» **Task instructions**: In the material below, find the line containing "hfov_deg=73.7. Metres; depth" and the line containing "Tell me what is at (285, 491).", then reproduce exactly both of them and every line between, and nothing else.

» **Material for this task**:
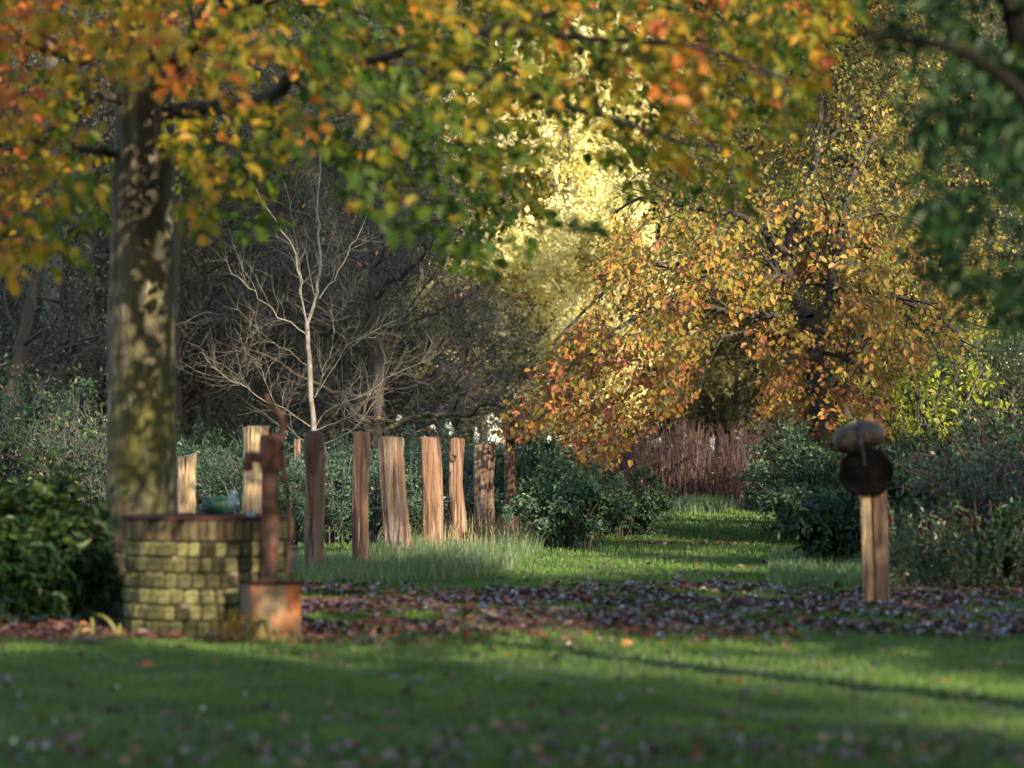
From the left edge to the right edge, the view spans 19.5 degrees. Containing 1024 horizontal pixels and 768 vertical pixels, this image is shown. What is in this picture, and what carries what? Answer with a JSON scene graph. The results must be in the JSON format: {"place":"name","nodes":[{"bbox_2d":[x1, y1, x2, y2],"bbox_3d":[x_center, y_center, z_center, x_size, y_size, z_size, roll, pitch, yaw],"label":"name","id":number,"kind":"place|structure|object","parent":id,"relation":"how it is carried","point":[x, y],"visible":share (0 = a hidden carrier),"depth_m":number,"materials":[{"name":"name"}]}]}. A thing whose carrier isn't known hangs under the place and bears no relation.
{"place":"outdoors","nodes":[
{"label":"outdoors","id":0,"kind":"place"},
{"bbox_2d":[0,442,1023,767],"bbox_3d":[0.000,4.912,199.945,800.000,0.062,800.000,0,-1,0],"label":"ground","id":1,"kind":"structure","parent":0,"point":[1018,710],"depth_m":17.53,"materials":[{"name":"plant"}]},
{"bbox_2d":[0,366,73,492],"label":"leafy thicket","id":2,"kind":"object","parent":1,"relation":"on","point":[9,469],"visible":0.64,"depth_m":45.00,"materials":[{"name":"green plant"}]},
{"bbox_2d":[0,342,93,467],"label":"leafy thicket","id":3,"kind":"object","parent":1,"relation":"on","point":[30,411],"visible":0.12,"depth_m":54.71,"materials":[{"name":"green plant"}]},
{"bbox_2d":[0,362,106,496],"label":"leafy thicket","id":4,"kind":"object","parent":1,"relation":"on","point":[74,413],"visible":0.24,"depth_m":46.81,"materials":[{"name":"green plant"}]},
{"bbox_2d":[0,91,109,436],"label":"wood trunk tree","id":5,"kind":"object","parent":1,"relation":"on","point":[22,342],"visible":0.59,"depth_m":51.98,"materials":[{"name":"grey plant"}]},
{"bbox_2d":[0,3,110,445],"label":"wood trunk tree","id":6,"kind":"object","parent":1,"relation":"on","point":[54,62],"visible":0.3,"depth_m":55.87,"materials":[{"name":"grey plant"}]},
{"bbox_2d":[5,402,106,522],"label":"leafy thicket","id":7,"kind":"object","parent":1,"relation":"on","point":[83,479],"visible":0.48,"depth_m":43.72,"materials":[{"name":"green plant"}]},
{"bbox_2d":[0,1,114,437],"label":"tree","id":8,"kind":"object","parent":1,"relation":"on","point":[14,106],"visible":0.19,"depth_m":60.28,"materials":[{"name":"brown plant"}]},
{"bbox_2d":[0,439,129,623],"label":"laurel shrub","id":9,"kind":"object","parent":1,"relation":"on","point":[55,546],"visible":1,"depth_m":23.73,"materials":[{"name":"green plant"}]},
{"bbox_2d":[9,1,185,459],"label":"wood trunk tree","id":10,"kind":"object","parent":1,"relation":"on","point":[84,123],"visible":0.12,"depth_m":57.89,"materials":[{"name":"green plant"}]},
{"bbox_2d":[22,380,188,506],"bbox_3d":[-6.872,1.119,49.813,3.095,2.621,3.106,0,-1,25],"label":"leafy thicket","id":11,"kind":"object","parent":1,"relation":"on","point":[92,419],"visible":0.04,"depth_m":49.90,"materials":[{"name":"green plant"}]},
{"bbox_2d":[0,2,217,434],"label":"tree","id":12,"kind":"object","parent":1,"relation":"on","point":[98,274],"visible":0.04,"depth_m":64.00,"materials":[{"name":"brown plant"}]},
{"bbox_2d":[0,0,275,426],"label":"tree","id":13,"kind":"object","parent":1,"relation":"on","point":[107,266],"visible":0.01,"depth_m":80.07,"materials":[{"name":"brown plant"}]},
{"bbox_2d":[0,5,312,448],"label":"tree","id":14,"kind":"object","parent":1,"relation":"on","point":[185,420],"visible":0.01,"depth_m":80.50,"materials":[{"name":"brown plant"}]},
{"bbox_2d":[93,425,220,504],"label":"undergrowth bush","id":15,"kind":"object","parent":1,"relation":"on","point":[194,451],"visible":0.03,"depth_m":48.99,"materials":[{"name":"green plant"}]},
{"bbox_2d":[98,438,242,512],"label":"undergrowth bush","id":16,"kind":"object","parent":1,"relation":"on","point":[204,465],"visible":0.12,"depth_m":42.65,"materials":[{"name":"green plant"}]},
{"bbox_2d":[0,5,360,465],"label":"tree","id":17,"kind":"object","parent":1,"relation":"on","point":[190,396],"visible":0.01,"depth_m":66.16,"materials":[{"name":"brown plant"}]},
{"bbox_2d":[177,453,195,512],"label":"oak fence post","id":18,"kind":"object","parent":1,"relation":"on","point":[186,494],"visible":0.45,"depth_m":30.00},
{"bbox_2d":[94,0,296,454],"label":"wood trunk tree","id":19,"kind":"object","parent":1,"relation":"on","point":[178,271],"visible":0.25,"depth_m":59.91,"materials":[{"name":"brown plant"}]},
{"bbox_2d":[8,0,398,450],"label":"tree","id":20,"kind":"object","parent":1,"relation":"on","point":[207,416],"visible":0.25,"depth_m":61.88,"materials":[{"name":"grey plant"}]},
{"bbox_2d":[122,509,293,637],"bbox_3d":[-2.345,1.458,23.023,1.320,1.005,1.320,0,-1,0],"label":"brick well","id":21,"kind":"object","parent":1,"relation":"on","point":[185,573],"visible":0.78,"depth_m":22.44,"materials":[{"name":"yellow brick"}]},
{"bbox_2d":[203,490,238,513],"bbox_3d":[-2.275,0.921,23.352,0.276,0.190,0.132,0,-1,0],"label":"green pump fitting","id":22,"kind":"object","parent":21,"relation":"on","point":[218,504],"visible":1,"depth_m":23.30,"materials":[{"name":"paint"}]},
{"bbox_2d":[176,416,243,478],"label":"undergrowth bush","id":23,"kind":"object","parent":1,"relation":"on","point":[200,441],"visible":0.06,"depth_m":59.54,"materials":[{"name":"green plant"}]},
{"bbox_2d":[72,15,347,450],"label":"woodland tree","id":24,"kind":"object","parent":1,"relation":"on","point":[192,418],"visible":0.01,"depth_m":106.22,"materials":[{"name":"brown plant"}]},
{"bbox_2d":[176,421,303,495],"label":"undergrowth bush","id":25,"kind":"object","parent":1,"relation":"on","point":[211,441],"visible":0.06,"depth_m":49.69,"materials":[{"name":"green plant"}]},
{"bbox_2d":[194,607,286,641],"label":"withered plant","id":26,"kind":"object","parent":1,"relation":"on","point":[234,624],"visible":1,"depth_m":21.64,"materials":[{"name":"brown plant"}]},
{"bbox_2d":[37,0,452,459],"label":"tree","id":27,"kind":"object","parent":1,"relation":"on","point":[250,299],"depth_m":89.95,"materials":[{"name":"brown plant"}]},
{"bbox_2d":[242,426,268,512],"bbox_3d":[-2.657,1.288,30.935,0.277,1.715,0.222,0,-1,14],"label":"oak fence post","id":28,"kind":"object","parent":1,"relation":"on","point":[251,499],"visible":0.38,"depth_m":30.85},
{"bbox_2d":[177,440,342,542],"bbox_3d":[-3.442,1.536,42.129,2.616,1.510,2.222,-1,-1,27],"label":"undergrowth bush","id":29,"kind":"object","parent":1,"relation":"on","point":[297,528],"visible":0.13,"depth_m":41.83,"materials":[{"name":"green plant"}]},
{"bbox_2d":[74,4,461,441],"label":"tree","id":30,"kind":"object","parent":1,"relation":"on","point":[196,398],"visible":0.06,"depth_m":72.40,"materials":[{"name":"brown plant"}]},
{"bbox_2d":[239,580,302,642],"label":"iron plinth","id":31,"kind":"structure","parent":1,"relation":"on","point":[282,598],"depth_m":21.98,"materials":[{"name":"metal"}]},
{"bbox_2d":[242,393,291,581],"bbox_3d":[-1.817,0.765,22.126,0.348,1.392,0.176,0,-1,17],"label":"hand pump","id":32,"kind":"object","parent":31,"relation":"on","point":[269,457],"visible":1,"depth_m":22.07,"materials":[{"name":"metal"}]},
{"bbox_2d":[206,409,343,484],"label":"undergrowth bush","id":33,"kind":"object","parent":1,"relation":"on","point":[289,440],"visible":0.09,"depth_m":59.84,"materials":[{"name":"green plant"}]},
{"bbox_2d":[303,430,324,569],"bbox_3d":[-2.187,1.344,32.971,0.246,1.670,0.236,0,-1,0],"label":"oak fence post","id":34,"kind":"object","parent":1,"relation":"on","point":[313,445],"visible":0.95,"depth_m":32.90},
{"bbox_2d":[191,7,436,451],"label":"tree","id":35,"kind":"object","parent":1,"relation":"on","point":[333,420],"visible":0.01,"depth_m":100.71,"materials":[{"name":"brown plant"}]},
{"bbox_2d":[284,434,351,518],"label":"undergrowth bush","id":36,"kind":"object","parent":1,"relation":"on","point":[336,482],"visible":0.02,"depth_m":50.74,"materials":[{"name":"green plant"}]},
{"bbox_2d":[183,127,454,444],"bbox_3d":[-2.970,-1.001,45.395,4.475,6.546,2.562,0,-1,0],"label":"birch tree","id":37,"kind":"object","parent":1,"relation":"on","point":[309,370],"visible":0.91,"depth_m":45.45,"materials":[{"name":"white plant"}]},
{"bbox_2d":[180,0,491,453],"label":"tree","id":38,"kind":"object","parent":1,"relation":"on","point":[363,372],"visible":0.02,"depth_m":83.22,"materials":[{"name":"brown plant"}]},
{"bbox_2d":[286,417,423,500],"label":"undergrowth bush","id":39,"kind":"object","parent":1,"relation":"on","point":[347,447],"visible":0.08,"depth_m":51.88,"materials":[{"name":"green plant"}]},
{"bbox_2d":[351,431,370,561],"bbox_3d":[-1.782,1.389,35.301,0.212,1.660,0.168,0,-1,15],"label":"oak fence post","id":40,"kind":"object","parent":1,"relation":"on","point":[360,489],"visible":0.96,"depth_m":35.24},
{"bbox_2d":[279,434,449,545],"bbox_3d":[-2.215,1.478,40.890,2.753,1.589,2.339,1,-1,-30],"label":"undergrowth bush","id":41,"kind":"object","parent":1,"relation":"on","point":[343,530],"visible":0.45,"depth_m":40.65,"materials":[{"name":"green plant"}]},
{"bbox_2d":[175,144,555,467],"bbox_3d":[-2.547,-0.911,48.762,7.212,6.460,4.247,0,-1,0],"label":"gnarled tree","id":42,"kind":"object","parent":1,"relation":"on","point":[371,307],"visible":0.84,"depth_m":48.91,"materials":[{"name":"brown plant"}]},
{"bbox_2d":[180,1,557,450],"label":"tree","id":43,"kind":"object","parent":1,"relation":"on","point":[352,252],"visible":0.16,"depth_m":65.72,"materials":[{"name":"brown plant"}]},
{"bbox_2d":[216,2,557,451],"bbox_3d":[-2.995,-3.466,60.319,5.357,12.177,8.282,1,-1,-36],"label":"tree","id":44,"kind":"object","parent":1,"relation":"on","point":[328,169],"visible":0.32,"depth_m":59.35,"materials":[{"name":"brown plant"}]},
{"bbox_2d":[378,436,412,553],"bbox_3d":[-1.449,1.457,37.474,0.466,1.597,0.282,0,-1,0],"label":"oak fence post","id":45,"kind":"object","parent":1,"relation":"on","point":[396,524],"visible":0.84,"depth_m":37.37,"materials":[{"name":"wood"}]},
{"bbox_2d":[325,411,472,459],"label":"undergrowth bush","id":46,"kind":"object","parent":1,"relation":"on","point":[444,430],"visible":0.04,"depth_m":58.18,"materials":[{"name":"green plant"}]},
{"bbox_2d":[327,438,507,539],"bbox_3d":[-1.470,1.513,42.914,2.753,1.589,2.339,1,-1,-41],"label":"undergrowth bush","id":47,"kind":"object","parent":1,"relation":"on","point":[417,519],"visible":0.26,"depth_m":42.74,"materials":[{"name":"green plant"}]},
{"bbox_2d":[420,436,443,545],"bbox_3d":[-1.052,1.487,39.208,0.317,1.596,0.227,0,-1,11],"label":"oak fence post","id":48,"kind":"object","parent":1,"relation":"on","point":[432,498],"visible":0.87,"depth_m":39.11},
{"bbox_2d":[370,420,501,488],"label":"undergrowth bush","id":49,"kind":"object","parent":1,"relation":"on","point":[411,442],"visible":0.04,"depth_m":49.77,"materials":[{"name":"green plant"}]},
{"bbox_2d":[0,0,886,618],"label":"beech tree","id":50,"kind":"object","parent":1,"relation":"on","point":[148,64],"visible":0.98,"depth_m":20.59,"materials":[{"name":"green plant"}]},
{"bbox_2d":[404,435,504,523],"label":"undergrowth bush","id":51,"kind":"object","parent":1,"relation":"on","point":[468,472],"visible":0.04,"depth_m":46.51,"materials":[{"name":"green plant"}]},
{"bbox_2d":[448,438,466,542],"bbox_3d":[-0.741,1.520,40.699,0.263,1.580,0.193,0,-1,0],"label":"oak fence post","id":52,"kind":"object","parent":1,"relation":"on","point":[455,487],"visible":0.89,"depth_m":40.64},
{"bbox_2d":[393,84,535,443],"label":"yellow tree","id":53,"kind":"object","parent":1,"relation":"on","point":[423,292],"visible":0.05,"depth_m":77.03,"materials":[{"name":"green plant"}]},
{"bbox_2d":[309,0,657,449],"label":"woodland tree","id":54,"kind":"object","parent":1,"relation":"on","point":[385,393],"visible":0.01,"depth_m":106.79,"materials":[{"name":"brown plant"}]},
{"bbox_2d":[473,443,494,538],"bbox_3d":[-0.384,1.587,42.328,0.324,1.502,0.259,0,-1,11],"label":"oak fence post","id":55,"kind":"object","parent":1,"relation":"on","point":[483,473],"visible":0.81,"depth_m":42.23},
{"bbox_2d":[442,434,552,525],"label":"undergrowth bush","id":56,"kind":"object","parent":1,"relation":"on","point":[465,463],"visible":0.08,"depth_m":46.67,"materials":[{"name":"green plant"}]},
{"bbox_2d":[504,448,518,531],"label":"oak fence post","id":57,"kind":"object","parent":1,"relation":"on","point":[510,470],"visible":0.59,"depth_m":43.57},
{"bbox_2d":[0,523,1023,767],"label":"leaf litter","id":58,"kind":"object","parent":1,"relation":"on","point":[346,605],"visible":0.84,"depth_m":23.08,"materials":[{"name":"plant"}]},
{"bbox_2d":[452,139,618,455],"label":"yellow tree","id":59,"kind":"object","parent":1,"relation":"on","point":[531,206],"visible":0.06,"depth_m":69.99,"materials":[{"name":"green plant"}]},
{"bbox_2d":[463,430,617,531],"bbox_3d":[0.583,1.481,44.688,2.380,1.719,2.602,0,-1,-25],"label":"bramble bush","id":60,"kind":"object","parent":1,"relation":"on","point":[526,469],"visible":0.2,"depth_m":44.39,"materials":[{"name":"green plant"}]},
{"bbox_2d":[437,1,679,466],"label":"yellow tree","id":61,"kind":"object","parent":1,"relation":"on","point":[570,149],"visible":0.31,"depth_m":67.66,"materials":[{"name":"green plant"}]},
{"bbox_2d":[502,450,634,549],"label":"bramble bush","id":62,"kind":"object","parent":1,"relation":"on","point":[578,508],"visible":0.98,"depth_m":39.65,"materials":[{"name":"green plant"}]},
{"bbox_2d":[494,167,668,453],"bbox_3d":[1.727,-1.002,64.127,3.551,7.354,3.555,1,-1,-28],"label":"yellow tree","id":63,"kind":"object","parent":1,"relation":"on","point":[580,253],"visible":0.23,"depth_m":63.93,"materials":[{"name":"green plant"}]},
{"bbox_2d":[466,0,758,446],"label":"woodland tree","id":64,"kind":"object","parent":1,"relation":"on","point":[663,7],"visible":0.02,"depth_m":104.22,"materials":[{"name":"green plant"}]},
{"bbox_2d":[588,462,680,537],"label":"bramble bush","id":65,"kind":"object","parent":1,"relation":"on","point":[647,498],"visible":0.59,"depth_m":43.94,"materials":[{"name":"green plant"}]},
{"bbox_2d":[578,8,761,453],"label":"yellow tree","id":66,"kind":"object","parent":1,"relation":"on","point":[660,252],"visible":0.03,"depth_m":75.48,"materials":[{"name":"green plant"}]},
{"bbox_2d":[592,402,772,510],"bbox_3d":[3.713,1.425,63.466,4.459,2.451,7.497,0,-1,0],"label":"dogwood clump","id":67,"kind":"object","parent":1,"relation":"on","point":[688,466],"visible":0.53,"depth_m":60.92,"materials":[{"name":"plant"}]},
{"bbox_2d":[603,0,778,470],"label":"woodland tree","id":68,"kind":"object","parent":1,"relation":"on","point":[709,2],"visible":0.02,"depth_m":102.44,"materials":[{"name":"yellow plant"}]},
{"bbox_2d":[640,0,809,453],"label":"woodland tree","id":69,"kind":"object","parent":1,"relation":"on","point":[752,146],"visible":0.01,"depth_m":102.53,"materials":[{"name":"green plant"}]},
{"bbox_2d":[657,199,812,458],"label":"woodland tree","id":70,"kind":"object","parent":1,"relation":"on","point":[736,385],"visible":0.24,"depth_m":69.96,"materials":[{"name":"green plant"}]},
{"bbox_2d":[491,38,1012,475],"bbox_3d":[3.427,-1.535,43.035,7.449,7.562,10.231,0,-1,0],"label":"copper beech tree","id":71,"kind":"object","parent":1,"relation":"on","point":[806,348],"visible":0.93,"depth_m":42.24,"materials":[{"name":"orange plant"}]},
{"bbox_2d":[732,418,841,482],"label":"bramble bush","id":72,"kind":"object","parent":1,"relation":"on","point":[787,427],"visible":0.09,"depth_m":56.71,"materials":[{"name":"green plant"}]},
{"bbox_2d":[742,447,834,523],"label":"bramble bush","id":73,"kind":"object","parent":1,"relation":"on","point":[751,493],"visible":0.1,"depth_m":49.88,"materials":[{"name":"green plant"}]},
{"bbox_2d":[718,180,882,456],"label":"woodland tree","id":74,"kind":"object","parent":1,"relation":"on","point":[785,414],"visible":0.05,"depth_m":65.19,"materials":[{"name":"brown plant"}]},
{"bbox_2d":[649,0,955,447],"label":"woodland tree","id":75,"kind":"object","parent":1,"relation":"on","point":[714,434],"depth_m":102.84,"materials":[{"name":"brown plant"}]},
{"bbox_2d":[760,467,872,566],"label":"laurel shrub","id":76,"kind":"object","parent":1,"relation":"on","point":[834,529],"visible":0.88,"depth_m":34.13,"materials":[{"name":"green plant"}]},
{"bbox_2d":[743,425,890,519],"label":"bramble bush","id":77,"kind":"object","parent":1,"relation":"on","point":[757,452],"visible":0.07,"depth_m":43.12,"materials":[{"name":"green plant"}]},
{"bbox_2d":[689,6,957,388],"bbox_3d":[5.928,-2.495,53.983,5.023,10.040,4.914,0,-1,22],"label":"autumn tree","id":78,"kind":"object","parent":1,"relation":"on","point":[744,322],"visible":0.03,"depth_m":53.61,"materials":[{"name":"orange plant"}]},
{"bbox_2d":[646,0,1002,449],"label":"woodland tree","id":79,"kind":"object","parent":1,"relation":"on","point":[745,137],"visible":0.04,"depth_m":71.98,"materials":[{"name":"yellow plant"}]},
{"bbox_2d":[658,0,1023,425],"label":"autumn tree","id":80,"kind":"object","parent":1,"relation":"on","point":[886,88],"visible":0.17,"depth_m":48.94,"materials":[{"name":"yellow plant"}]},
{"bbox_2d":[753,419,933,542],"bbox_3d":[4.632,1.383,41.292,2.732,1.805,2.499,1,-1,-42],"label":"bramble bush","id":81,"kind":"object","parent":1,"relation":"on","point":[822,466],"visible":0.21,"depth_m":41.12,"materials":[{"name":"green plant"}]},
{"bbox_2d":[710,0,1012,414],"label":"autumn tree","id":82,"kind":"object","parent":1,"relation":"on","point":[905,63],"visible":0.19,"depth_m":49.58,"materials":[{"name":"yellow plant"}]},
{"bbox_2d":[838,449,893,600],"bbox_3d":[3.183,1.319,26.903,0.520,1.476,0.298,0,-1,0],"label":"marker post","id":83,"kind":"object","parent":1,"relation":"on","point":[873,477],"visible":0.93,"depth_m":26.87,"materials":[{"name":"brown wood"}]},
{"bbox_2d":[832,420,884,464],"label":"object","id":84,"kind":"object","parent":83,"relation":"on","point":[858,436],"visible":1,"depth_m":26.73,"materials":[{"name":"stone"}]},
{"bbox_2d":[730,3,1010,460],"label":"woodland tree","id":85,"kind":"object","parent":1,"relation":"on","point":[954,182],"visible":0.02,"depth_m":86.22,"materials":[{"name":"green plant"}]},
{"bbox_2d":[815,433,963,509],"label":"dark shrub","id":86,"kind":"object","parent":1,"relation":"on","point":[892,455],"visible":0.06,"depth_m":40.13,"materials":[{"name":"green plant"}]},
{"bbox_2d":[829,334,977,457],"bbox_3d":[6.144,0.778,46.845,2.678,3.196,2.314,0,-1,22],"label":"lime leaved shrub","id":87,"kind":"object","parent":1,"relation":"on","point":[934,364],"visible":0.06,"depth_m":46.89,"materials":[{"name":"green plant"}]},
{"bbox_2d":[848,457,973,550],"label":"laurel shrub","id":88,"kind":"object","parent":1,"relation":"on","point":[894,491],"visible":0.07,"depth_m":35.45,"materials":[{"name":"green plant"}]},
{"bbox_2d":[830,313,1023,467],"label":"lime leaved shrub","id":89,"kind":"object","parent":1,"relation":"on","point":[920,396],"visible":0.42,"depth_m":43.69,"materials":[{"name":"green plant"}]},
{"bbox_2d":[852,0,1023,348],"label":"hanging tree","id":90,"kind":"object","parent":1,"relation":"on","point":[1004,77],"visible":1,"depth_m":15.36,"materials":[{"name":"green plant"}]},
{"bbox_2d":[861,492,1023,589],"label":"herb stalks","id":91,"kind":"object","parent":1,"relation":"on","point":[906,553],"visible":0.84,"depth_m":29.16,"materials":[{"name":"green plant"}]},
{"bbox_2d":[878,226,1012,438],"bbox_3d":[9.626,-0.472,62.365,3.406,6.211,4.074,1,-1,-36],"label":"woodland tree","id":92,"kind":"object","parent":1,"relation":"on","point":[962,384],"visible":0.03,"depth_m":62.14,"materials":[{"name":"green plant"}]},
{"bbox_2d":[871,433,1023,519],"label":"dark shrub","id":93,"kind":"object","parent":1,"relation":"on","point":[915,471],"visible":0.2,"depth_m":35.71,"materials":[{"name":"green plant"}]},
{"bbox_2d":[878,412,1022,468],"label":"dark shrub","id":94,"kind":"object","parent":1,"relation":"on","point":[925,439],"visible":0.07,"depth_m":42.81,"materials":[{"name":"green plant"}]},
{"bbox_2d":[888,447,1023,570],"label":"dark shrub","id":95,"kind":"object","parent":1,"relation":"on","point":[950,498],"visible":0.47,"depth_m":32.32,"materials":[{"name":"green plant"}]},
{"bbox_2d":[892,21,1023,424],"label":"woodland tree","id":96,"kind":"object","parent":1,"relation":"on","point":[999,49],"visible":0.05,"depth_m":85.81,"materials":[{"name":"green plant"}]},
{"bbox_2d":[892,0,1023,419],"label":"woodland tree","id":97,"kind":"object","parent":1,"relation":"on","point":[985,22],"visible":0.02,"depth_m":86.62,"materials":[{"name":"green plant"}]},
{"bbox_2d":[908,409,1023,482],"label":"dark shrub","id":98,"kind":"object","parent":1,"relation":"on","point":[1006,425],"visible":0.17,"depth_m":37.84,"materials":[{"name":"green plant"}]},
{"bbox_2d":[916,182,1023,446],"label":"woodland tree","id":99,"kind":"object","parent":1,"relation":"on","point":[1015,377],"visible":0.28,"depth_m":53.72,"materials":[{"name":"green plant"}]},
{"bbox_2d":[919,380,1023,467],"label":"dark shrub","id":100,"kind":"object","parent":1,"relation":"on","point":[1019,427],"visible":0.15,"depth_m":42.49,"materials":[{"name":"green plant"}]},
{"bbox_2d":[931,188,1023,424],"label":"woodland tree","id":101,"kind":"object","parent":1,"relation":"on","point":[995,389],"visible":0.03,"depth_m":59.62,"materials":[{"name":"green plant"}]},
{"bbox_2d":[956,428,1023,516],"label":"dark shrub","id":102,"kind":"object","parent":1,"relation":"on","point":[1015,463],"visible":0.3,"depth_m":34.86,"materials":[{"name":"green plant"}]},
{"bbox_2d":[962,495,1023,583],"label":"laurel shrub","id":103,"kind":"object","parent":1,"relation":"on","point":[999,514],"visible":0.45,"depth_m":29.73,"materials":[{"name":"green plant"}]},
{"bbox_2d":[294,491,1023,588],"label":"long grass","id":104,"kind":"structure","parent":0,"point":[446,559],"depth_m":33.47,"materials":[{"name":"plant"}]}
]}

---

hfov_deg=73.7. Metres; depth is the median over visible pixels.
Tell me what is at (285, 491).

» **Reply to the exercise**:
hfov_deg=73.7. Metres; depth is the median over visible pixels.
Tell me what is at (285, 491).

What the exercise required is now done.